* [Exercise requirements]
Locate the line containing "Character: 嬙" in the entries below, then retype it and every later line exactly, leaving out pictures.

* [Data provided]
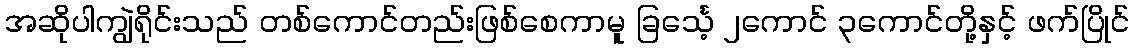
အဆိုပါကျွဲရိုင်းသည် တစ်ကောင်တည်းဖြစ်စေကာမူ ခြင်္သေ့ ၂ကောင် ၃ကောင်တို့နှင့် ဖက်ပြိုင်
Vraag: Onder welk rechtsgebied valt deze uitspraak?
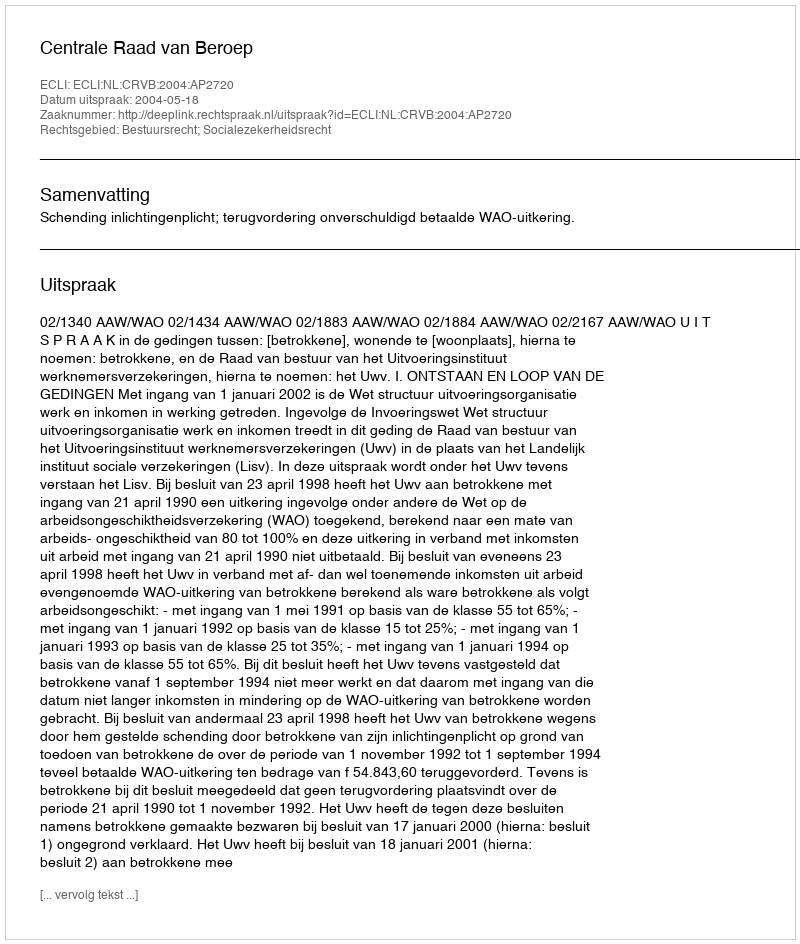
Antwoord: Bestuursrecht; Socialezekerheidsrecht
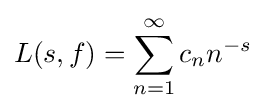
L(s,f)=\sum _{n=1}^{\infty }c_{n}n^{-s}
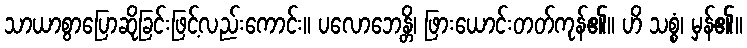
သာယာစွာပြောဆိုခြင်းဖြင့်လည်းကောင်း။ ပလောဘေန္တိ၊ ဖြားယောင်းတတ်ကုန်၏။ ဟိ သစ္စံ၊ မှန်၏။
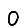
Digit: 0
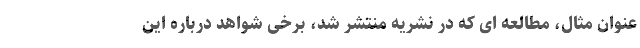
عنوان مثال، مطالعه ای که در نشریه منتشر شد، برخی شواهد درباره این
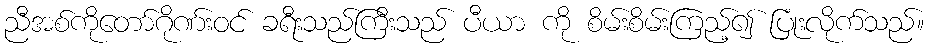
ညီအစ်ကိုတော်ဂိုဏ်းဝင် ခရီးသည်ကြီးသည် ပီယာ ကို စိမ်းစိမ်းကြည့်၍ ပြုံးလိုက်သည်။
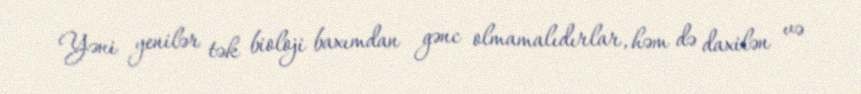
Yəni yenilər tək bioloji baxımdan gənc olmamalıdırlar, həm də daxilən və
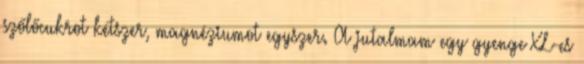
szőlőcukrot kétszer, magnéziumot egyszer. A jutalmam egy gyenge XL-es
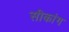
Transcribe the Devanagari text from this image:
सीकांग
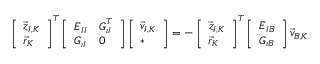
\begin{array} { r } { \left[ \begin{array} { l } { \vec { z } _ { I , K } } \\ { \vec { r } _ { K } } \end{array} \right] ^ { T } \left[ \begin{array} { l l } { \boldsymbol { E } _ { I I } } & { \boldsymbol { G } _ { \iota I } ^ { T } } \\ { \boldsymbol { G } _ { \iota I } } & { \boldsymbol { 0 } } \end{array} \right] \left[ \begin{array} { l } { \vec { v } _ { I , K } } \\ { * } \end{array} \right] = - \left[ \begin{array} { l } { \vec { z } _ { I , K } } \\ { \vec { r } _ { K } } \end{array} \right] ^ { T } \left[ \begin{array} { l } { \boldsymbol { E } _ { I B } } \\ { \boldsymbol { G } _ { \iota B } } \end{array} \right] \vec { v } _ { B , K } } \end{array}
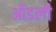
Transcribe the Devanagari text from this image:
ऑडली
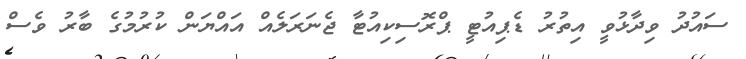
ސައުދު ވިދާޅުވީ އިތުރު ޑެޕިއުޓީ ޕްރޮސިކިއުޓާ ޖެނަރަލެއް އައްޔަން ކުރުމުގެ ބާރު ވެސް
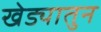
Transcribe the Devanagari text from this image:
खेड्यातुन
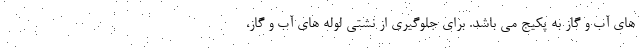
های آب و گاز به پکیج می باشد. برای جلوگیری از نشتی لوله های آب و گاز،
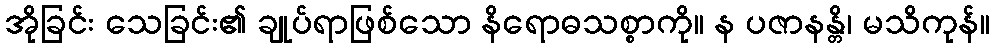
အိုခြင်း သေခြင်း၏ ချုပ်ရာဖြစ်သော နိရောဓသစ္စာကို။ န ပဇာနန္တိ၊ မသိကုန်။
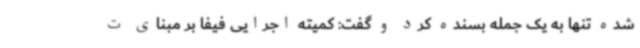
شده تنها به یک جمله بسنده کرد و گفت: کمیته اجرایی فیفا بر مبنای ت
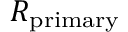
R _ { \mathrm { p r i m a r y } }
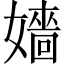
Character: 嬙
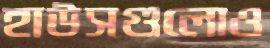
হাউসগুলোও
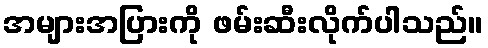
အများအပြားကို ဖမ်းဆီးလိုက်ပါသည်။
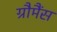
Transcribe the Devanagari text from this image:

* [Solved problem]
Character: 嬙
হাউসগুলোও
အများအပြားကို ဖမ်းဆီးလိုက်ပါသည်။
Transcribe the Devanagari text from this image:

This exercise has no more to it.